Doch bei der Weltmeisterschaft in Kolumbien ist irgendetwas anders, und der argentinische Mannschaftskapitän ist mit seinen drei vergangenen WM-Teilnahmen geradezu prädestiniert, mit uns darüber zu sprechen. "Argentinien hat schon immer gute Spieler gehabt, die es bei diesem Turnier weit bringen können. Doch dieses Mal sind es eher Details, die für das Weiterkommen entscheidend waren. Wir haben einen neuen Nationaltrainer und ein neues Spielsystem, das perfekt zu uns passt und unser Potenzial endlich zur Entfaltung bringt", so Wilhelm mit Blick auf die Arbeit seines früheren Teamkollegen Diego Giustozzi, mit dem er so ziemlich alles im argentinischen Auswahltrikot erlebt hat. "Er ist jung und besitzt die Fähigkeit, seine Spieler optimal zu erreichen. Zwischen ihm und uns gibt es keine Barrieren. Das erleichtert den Dialog.
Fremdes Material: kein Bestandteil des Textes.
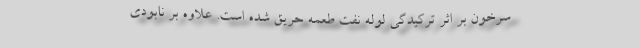
سرخون بر اثر ترکیدگی لوله نفت طعمه حریق شده است. علاوه بر نابودی
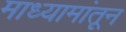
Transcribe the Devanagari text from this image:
माध्यामांतून
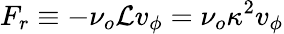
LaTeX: F_{r}\equiv-\nu_{o}\mathcal{L}v_{\phi}=\nu_{o}\kappa^{2}v_{\phi}
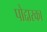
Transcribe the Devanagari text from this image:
पोद्दारका
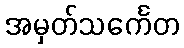
အမှတ်သင်္ကေတ
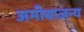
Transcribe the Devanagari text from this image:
अमीबाजन्य
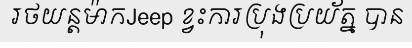
រថយន្តម៉ាកJeep ខ្វះការប្រុងប្រយ័ត្ន បាន
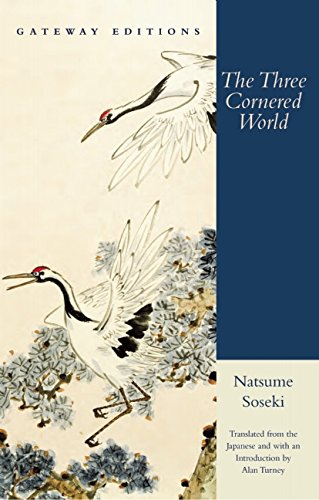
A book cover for Three Cornered World; Natsume Suseki; Literature & Fiction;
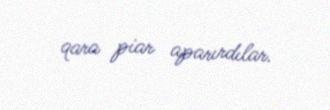
qara piar aparırdılar.
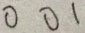
0 0 1
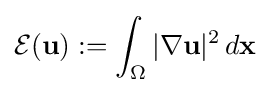
{\mathcal {E}}({\bf {u}}):=\int _{\Omega }|\nabla \mathbf {u} |^{2}\,d\mathbf {x}
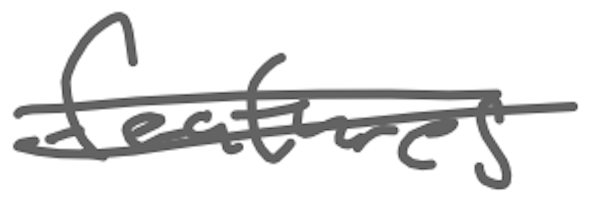
Text: features
Cross-out: double-line
Writing tool: digital_gray
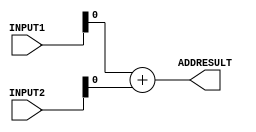
module ADD (INPUT1 , INPUT2 , ADDRESULT);
input [31:0] INPUT1 , INPUT2 ;
output ADDRESULT ;
assign ADDRESULT = INPUT1 + INPUT2 ;
endmodule
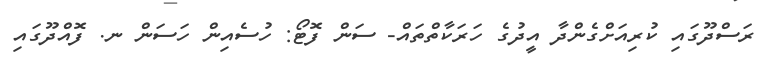
ރަސްދޫގައި ކުރިއަށްގެންދާ އީދުގެ ހަރަކާތްތައް- ސަން ފޮޓޯ: ހުސެއިން ހަސަން ނ. ފޮއްދޫގައި
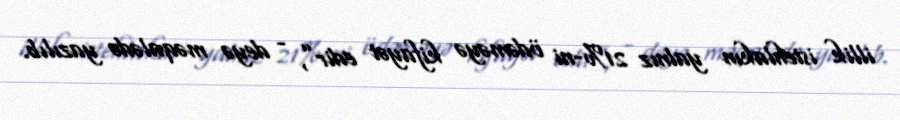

Im Übrigen führt Diego viele Gespräche."

Der aus Buenos Aires stammende Wilhelm hat angesichts der mannschaftlichen Geschlossenheit hingegen weitaus weniger Redebedarf. Ein Wort fällt ihm dennoch zu seinem aktuellen Team ein. Es ist die Ausgeglichenheit der Südamerikaner. Diese ist in allen Belangen spürbar, im Spiel und bei den Akteuren ebenso wie in deren Verhalten. "Ich rede nur dann, wenn es sein muss. Allerdings muss ich zugeben, dass meine Arbeit als Kapitän recht einfach ist. Die Spieler wissen genau, wann sie gefordert sind und wann sie Spaß haben können", sagt der Profi von Benfica Lissabon, der seine Autorität unter anderem dadurch unter Beweis stellt, dass er seine Mitspieler auffordert, ihre Musik beim Verlassen der Umkleidekabine leiser zu stellen. So auch nach dem souveränen 5:0-Sieg über Ägypten im Viertelfinale.

Wirkungsvolle Rituale Ausgeglichenheit bedeutet, im richtigen Moment das Richtige zu tun. Die Musik ist für die Argentinier ein wichtiges Ritual, das einen Beitrag zu ihren Erfolgen auf dem Platz leistet. Das Ritual ist vor jedem Spiel gleich. Die Musik wird auf volle Lautstärke gestellt, um sich emotional bestmöglich auf das Match einzustellen. Hinzu kommt, dass die argentinischen Spieler nicht etwa ihre Kopfhörer aufsetzen, um die Musik jeder für sich zu hören. Stattdessen geschieht dies immer in der Gruppe. Nach dem Abpfiff jeder Partie zelebriert die Mannschaft ein weiteres Ritual, bei dem sie einen Kreis bildet und ein Lied anstimmt. "Dabei singen wir stets aus voller Kehle, selbst dann, wenn wir verloren haben. Die Songs spiegeln unseren Willen wider, auf dem Platz alles für unser Land zu geben. Außerdem können wir auf diese Weise mit den Fans kommunizieren und zugleich neue Kraft tanken", ist sich der 34-Jährige sicher.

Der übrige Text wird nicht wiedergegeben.